The victory improved Rodriguez's amateur record to 65-6. Pena, a Novice champ last year, just moved up to the Open class this winter and has an overall slate of 12-3.

"The twins were born on September 29," said Rodriguez. "Their due date was January 21. I guess they heard the bell early and came out. They're fighters.


"Thankfully, everything is well. They're doing much better. They are gaining weight. Everything is going smoother now."

From the outset, Rodriguez came out firing, and most of his punches were on target. He landed some fearsome shots, as his gloves were a blue blur.

Pena tried to match Rodriguez, landing some stinging combos of his own, but he simply couldn't match the all-out assault he encountered.

"I trained hard for this fight," said Pena. "He's a pretty good fighter. I tried to match him, one for one. But he was too fast. I couldn't even think when he was throwing punches. He throws a lot of punches. He's real fast.
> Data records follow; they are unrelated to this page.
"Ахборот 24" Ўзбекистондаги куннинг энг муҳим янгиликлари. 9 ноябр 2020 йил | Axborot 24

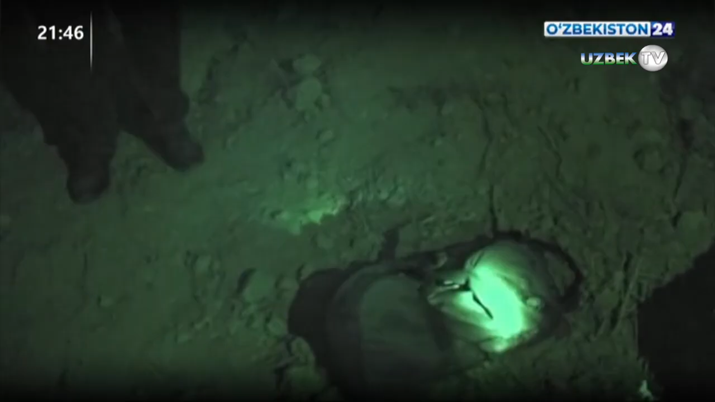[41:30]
Respublikasida yashovchi noma'lum shaxs tomonidan Sirdaryo
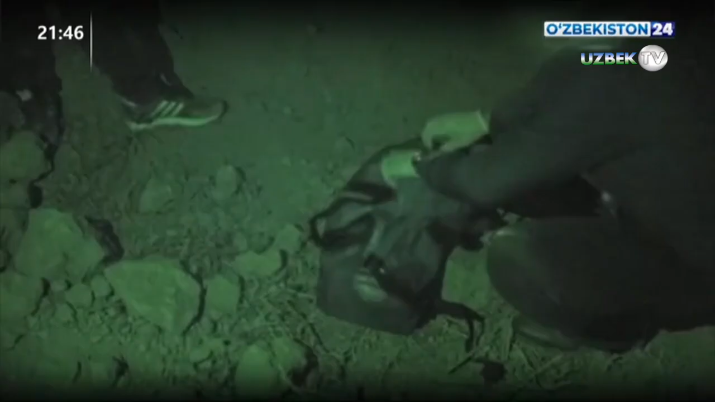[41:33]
viloyati Xovos tumani hududiga kontrabanda yo'li bilan o'tkazilgan 9 kilogram 745 gram gashish
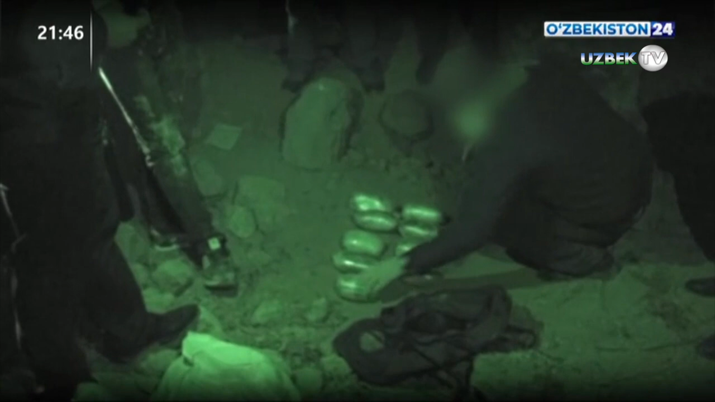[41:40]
giyohvand moddasini fuqaro Shavkat
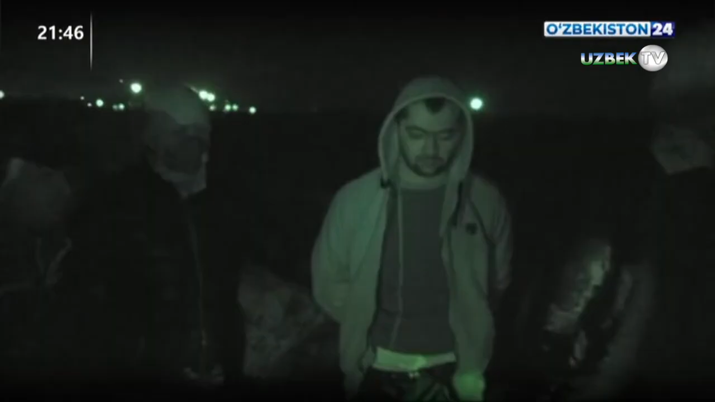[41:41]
Nazarov olib ketmoqchi bo'lgan vaqtida qo'lga olindi.

And he has good stamina."

Once Rodriguez got going, he never let up, applying constant pressure. He backed Pena into a corner several times and scored with piercing flurries.

"This is the type of fight I've been working out for," said Rodriguez. "It was a brawl. I had to just keep coming. That was my game plan in the gym. I executed it today and did pretty good.
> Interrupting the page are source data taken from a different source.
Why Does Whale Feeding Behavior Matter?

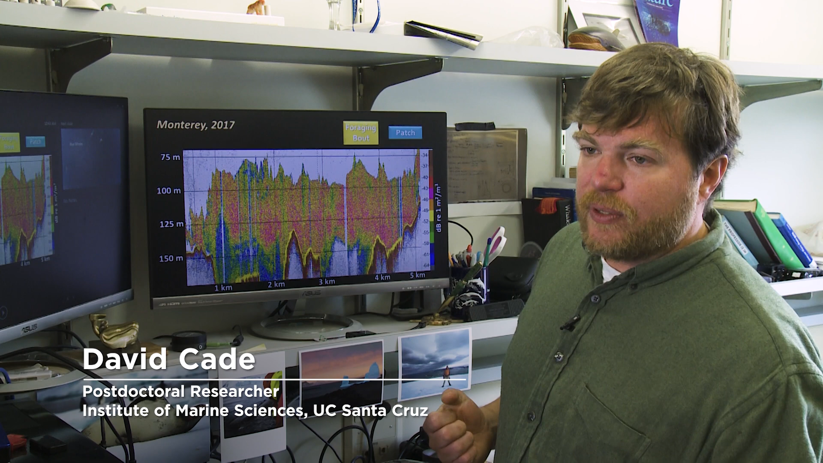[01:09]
So what the echo sounder allows us to do is actually determine the density and distribution of prey in the water column.
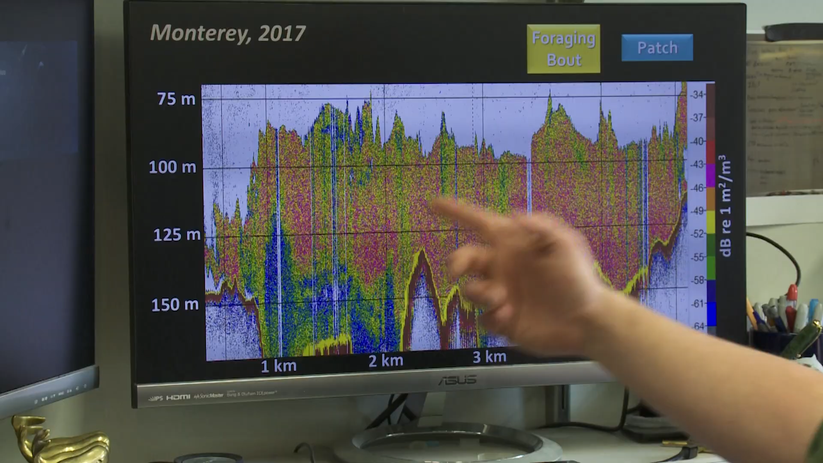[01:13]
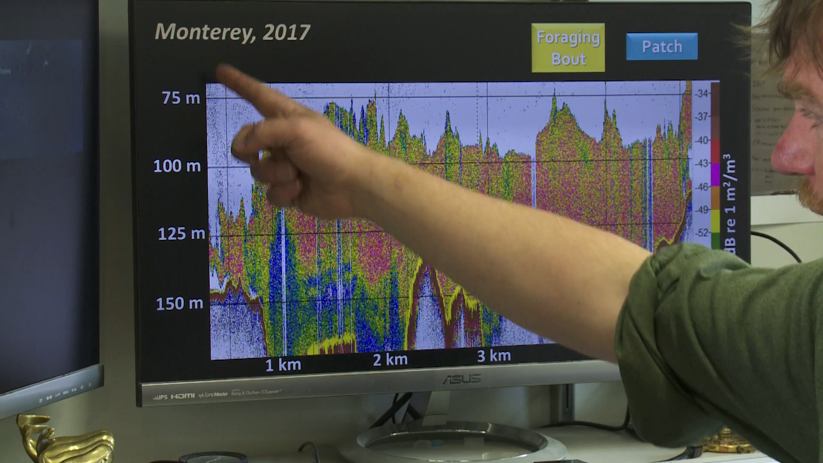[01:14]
So if you look at this graph on the vertical axis you have the depth. On the horizontal axis you have essentially time or distance.
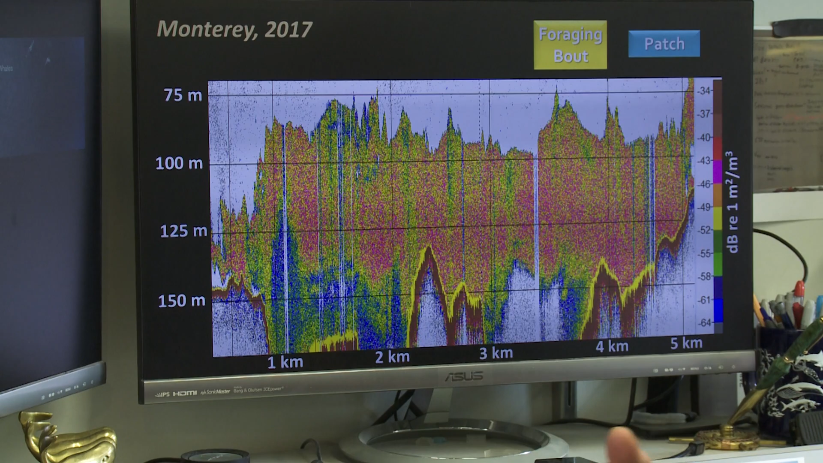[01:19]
The ship moves across the surface of the water it's actually mapping each
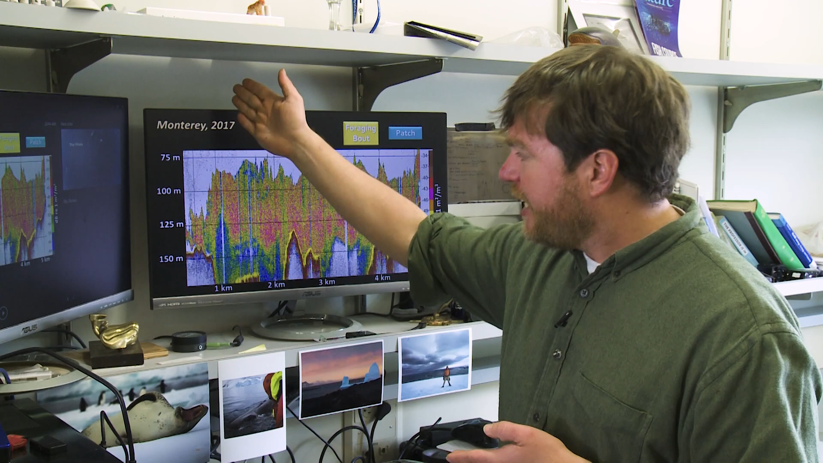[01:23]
one of these vertical lines is one individual ping where it's listening for the return echo. How strongly that signal bounces off of an object in the water tells you how much of it there is and how far away it is.
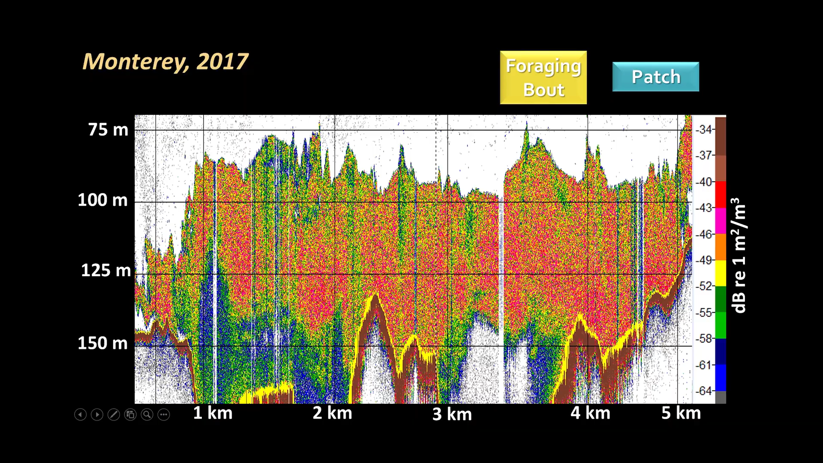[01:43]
So what this is is then a map of the loudness of the return signal and the red areas are areas of high intensity. That's an area where you have a lot of stuff in the water column.
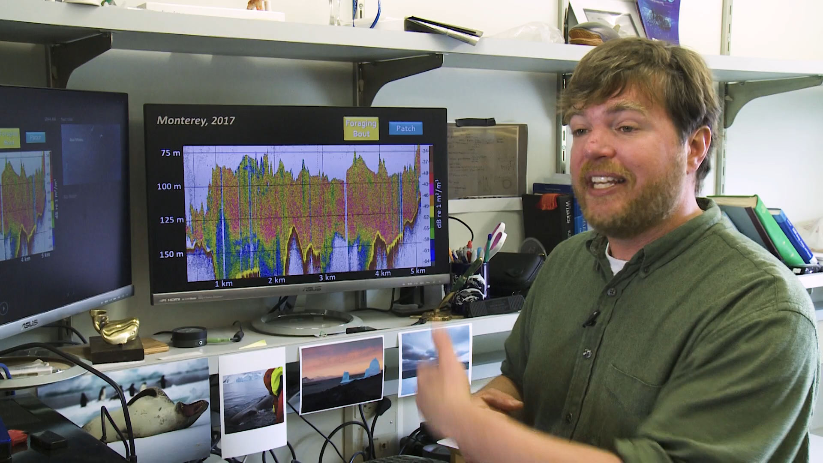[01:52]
In this case it's krill. The white areas mean that the sound has traveled through there without bouncing off of anything. The blue areas are areas where there's a little bit of stuff in the water but not not so much in there.
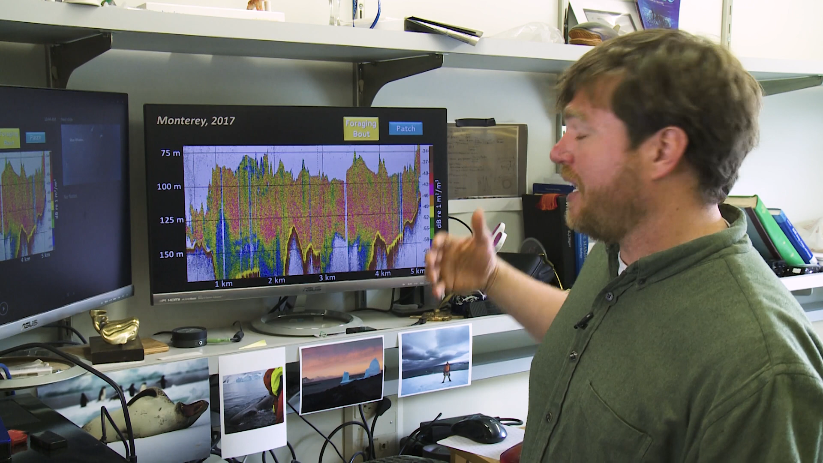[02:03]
So then because we've done this done these finely calibrated experiments we can actually tell you how much krill that actually corresponds to.

"He stood his ground. I give him props. He took pretty much everything I had. He looked like he was going, but he never did."

To his credit, Pena fought hard to the final bell.

"You can't take a step back against a fighter like him," said Pena. "He just keeps moving forward. He kept coming at me and caught me in the corner. It was tough to fight my way out. This was a good learning experience. I'm just going to go back to the gym and pick up the pieces."

While Rodriguez goes back to being a proud papa.